Records:
○ ○ ○ ○

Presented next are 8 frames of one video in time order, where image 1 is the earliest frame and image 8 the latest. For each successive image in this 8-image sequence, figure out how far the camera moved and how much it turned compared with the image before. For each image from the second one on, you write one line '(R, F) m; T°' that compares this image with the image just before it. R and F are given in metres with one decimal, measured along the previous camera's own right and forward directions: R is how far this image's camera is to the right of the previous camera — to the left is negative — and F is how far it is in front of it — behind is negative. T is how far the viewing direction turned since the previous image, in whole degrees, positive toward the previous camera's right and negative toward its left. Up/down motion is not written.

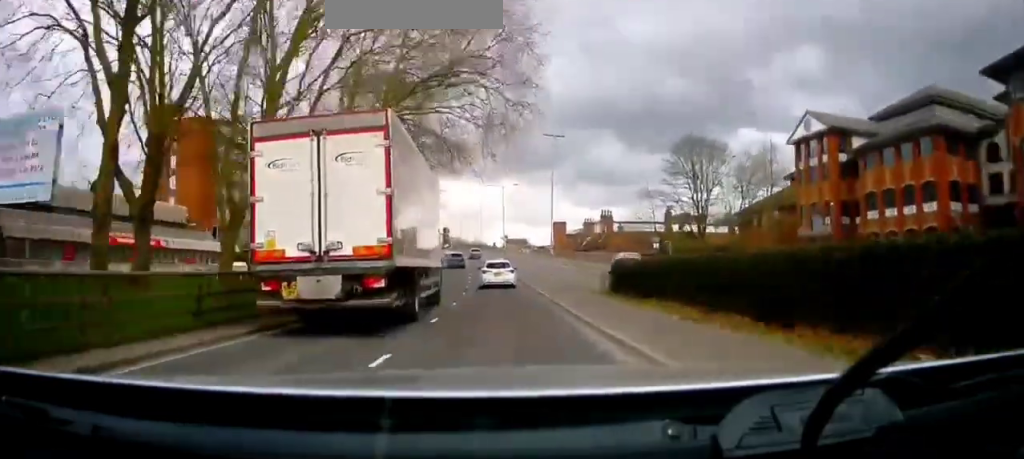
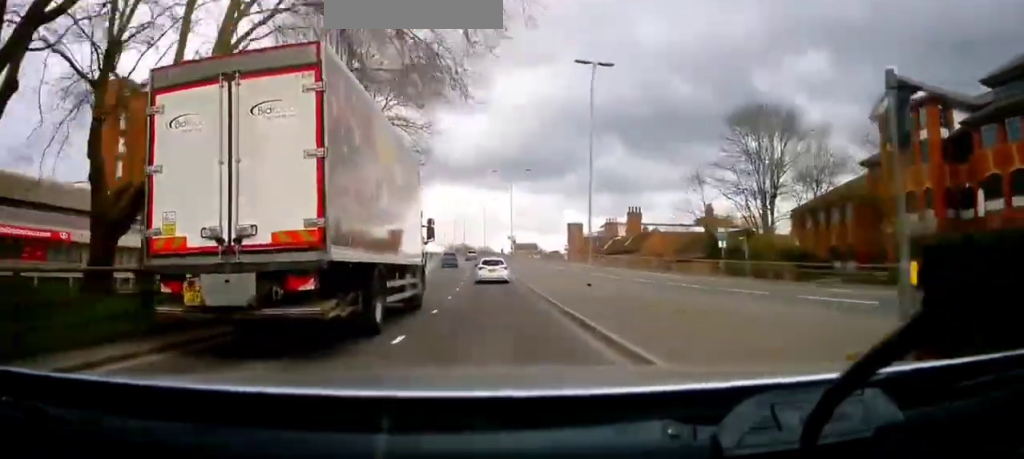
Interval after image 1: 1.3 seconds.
(+0.4, +16.4) m; -1°
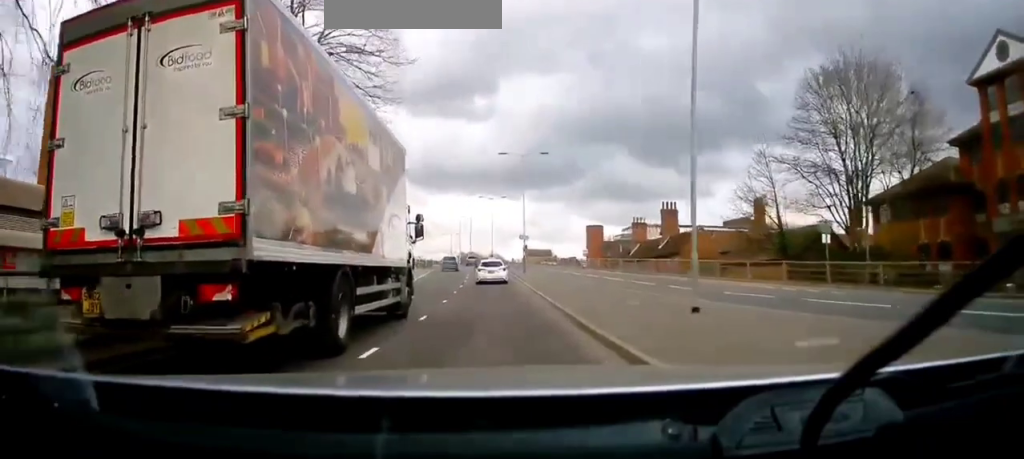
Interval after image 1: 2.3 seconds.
(-0.4, +12.9) m; -2°
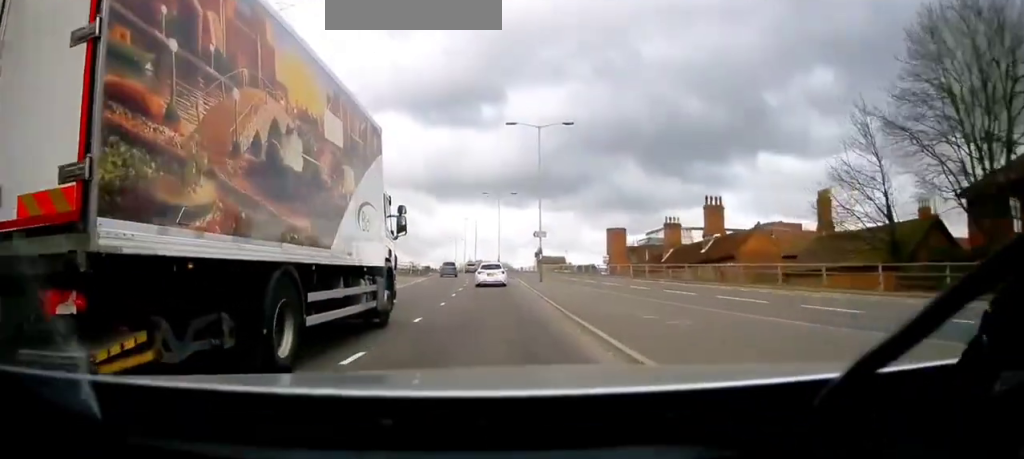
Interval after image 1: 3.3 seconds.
(-0.1, +12.8) m; 0°
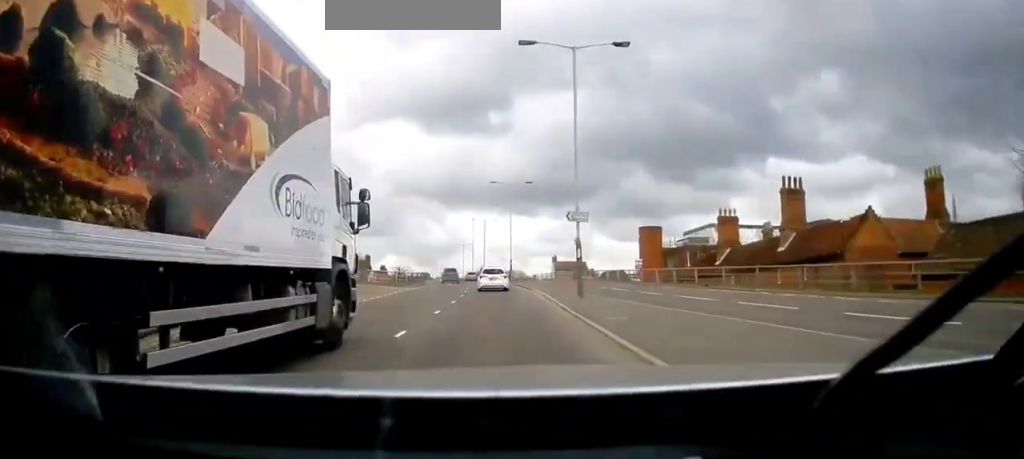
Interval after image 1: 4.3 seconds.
(0.0, +14.2) m; 0°
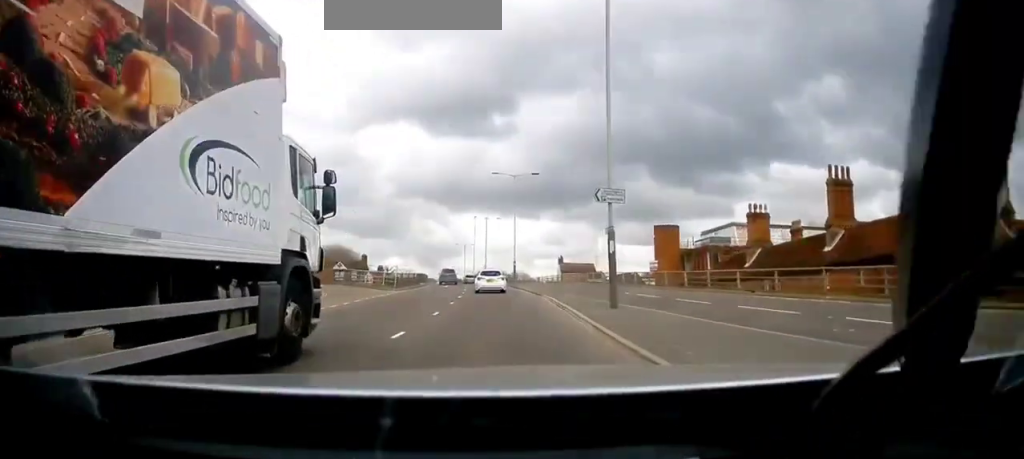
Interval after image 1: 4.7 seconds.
(0.0, +6.1) m; 0°
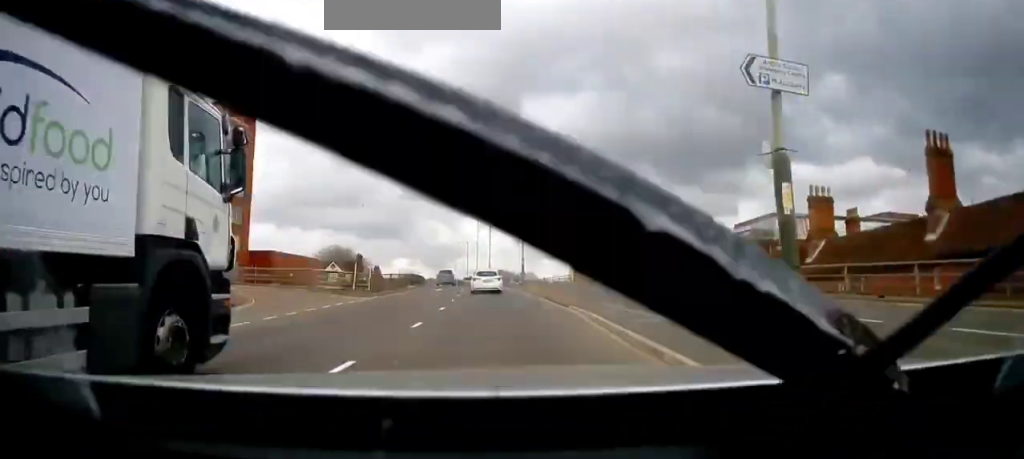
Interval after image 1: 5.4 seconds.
(+0.1, +9.1) m; -1°
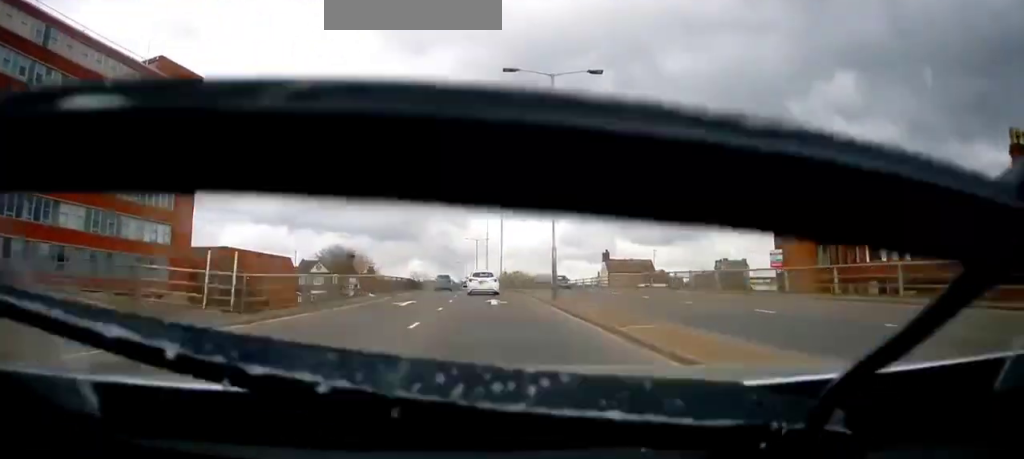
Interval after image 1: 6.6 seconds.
(-0.5, +18.6) m; 0°

○ ○ ○ ○

Activity:
Everything from the line with "Interval after image 1: 4.3 seconds." through the end of the records above, both ends included, is to be reproduced exactly, and nothing outside that span; the pictures are to be dropped.

Solution to this problem:
Interval after image 1: 4.3 seconds.
(0.0, +14.2) m; 0°
Interval after image 1: 4.7 seconds.
(0.0, +6.1) m; 0°
Interval after image 1: 5.4 seconds.
(+0.1, +9.1) m; -1°
Interval after image 1: 6.6 seconds.
(-0.5, +18.6) m; 0°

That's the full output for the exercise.